Whenever the word "Supported" shows up in a line of the data, copy that line.
### Provided data
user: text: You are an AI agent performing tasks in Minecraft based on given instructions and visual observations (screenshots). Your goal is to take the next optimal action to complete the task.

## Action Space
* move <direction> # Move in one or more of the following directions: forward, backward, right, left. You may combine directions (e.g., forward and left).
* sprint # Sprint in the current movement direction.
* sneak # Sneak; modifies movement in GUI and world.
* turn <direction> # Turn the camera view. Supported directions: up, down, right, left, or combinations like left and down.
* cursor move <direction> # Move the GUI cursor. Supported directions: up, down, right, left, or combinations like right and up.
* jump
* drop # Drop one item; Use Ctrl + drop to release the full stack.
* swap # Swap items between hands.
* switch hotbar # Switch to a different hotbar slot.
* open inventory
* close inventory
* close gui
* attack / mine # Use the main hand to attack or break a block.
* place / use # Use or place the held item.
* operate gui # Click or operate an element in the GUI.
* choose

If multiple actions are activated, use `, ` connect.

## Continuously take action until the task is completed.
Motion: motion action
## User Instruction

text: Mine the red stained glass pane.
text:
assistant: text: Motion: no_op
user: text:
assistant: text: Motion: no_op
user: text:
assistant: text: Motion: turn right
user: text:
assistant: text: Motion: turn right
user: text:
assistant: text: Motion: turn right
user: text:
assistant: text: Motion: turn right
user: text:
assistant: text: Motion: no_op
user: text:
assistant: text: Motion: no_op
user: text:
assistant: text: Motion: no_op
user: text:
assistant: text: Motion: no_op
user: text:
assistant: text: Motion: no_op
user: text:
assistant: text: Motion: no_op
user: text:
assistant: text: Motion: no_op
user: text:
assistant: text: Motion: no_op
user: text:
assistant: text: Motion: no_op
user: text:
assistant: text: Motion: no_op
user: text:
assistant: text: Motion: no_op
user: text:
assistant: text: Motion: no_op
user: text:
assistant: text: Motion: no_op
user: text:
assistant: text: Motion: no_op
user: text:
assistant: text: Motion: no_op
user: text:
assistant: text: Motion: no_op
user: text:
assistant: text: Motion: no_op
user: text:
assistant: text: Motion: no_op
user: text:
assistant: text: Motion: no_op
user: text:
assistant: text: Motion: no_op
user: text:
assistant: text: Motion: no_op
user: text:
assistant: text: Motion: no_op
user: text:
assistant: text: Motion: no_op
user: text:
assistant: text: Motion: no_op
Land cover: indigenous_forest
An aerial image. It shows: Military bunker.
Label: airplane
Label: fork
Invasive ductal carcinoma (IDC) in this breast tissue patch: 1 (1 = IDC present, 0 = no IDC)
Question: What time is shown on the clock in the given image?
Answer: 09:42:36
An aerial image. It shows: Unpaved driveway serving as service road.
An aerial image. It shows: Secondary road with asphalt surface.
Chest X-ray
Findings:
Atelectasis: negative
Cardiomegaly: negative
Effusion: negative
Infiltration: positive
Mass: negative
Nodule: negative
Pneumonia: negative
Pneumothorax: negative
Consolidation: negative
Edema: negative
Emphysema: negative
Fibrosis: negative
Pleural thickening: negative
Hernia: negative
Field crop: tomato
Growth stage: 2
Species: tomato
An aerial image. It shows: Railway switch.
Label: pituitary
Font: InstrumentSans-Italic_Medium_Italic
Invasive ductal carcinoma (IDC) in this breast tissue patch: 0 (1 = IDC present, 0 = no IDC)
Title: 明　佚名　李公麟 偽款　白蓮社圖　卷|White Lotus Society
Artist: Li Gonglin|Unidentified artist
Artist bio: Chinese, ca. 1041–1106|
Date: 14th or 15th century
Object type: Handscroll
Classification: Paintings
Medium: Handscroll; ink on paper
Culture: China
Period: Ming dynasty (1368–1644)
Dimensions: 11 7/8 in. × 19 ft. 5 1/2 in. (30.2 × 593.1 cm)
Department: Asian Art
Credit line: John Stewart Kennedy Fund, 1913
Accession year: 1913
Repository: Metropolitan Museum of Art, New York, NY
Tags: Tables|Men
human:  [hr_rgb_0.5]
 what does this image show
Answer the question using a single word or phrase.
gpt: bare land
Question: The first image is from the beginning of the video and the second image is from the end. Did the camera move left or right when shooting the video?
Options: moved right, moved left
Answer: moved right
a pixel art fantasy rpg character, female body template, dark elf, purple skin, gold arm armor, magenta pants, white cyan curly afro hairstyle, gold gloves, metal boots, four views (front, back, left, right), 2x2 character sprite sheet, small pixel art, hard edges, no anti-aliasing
######
Solution to the exercise
* turn <direction> # Turn the camera view. Supported directions: up, down, right, left, or combinations like left and down.
* cursor move <direction> # Move the GUI cursor. Supported directions: up, down, right, left, or combinations like right and up.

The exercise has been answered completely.